In our discussion of neural networks we will encounter the above again in terms of a slightly modified function, the so-called Softmax function.
The softmax function is used in various multiclass classification methods, such as multinomial logistic regression (also known as softmax regression), multiclass linear discriminant analysis, naive Bayes classifiers, and artificial neural networks. Specifically, in multinomial logistic regression and linear discriminant analysis, the input to the function is the result of \( K \) distinct linear functions, and the predicted probability for the \( k \)-th class given a sample vector \( \boldsymbol{x} \) and a weighting vector \( \boldsymbol{\beta} \) is (with two predictors):
$$ p(C=k\vert \mathbf {x} )=\frac{\exp{(\beta_{k0}+\beta_{k1}x_1)}}{1+\sum_{l=1}^{K-1}\exp{(\beta_{l0}+\beta_{l1}x_1)}}. $$It is easy to extend to more predictors.
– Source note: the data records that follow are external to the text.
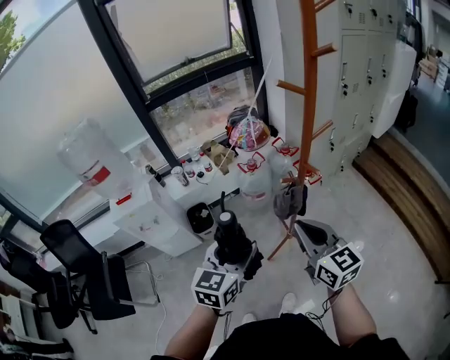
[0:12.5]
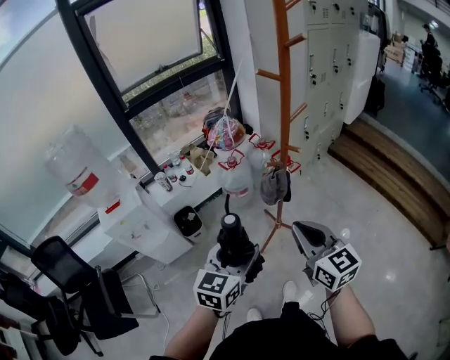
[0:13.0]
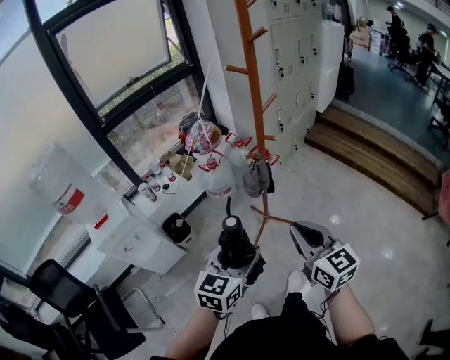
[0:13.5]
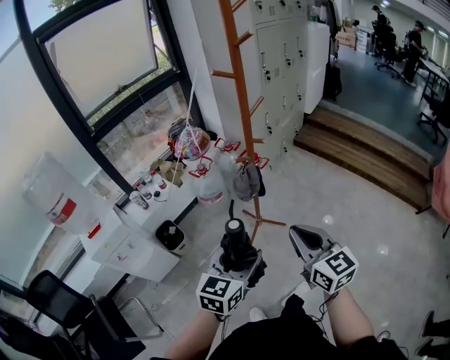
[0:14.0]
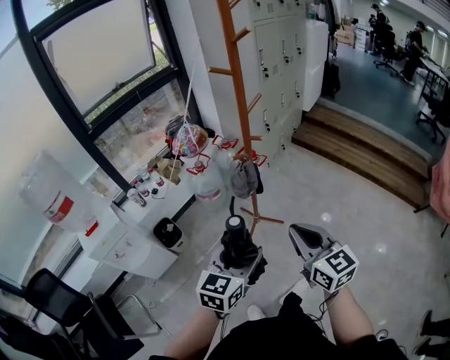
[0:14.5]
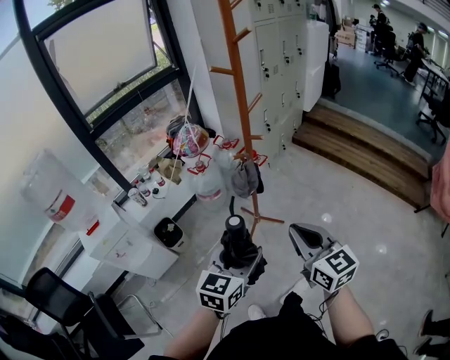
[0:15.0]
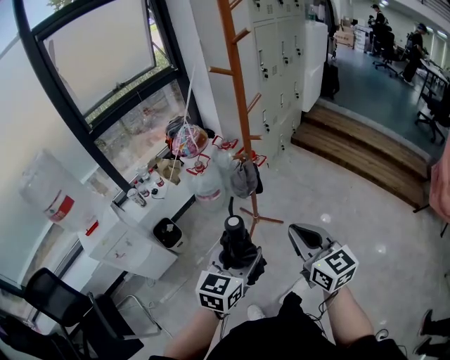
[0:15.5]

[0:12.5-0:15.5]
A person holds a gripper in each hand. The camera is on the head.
0:12.5 to 0:14.0: The left gripper travels backward and to the right by some 15 cm, and swivels some 30 degrees. The right gripper shifts about 15 cm backward, and turns by roughly 20 degrees.
0:14.0 to 0:15.5: Both grippers stay put.

The final class is
$$ p(C=K\vert \mathbf {x} )=\frac{1}{1+\sum_{l=1}^{K-1}\exp{(\beta_{l0}+\beta_{l1}x_1)}}, $$and they sum to one. Our earlier discussions were all specialized to the case with two classes only. It is easy to see from the above that what we derived earlier is compatible with these equations.
To find the optimal parameters we would typically use a gradient descent method. Newton's method and gradient descent methods are discussed in the material on optimization methods.